## Task instructions
In the records below, find the line containing "A robot hand's" and retype it and every line after it exactly, adding nothing.

## Supplied material

== Segment start ==

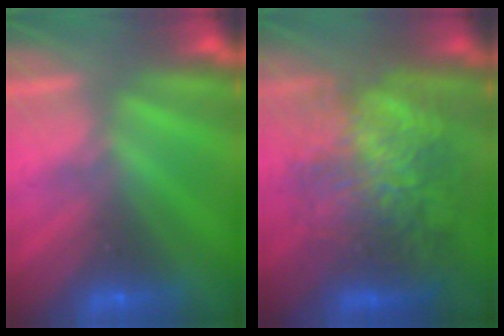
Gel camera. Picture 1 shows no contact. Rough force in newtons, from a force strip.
{"total": 7.1}
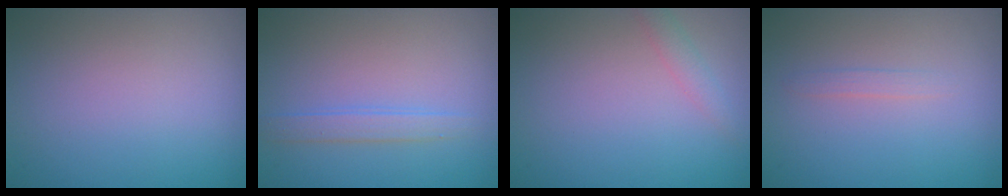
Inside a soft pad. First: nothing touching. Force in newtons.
{"total": 1.7, "press": 1.7, "slide": 0.1}
{"total": 1.3, "press": 1.3, "slide": 0.0}
{"total": 0.8, "press": 0.8, "slide": 0.0}
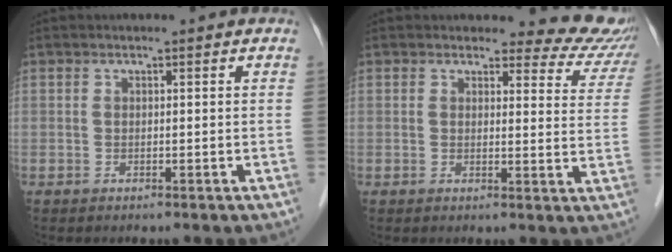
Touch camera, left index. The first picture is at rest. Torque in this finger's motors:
{"motor_torque": [0.47, -0.47, 0.04, -0.03]}
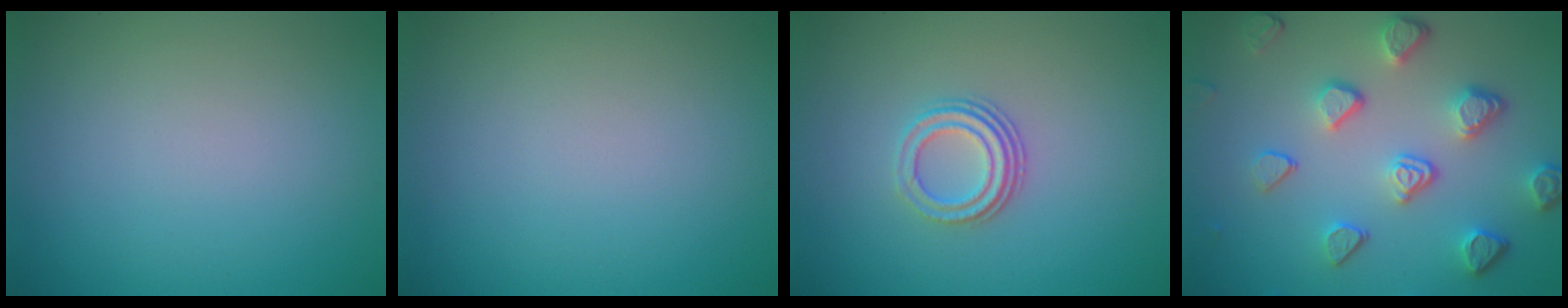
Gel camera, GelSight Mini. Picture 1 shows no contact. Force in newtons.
{"total": 0.0}
{"total": 3.0, "press": 2.2, "slide": 2.0}
{"total": 5.0, "press": 3.9, "slide": 3.1}
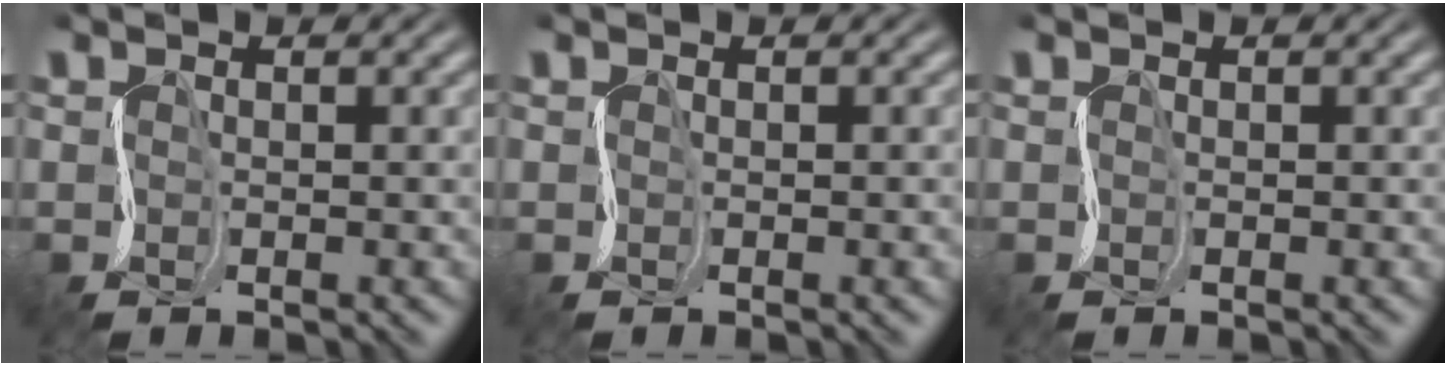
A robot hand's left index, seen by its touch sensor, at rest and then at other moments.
{"total": 0.7, "force": [-0.2, 0.2, 0.6], "torque": [-0.001, 0.001, -0.007]}
{"total": 0.0}

== Segment end ==

## Answer for this exercise
A robot hand's left index, seen by its touch sensor, at rest and then at other moments.
{"total": 0.7, "force": [-0.2, 0.2, 0.6], "torque": [-0.001, 0.001, -0.007]}
{"total": 0.0}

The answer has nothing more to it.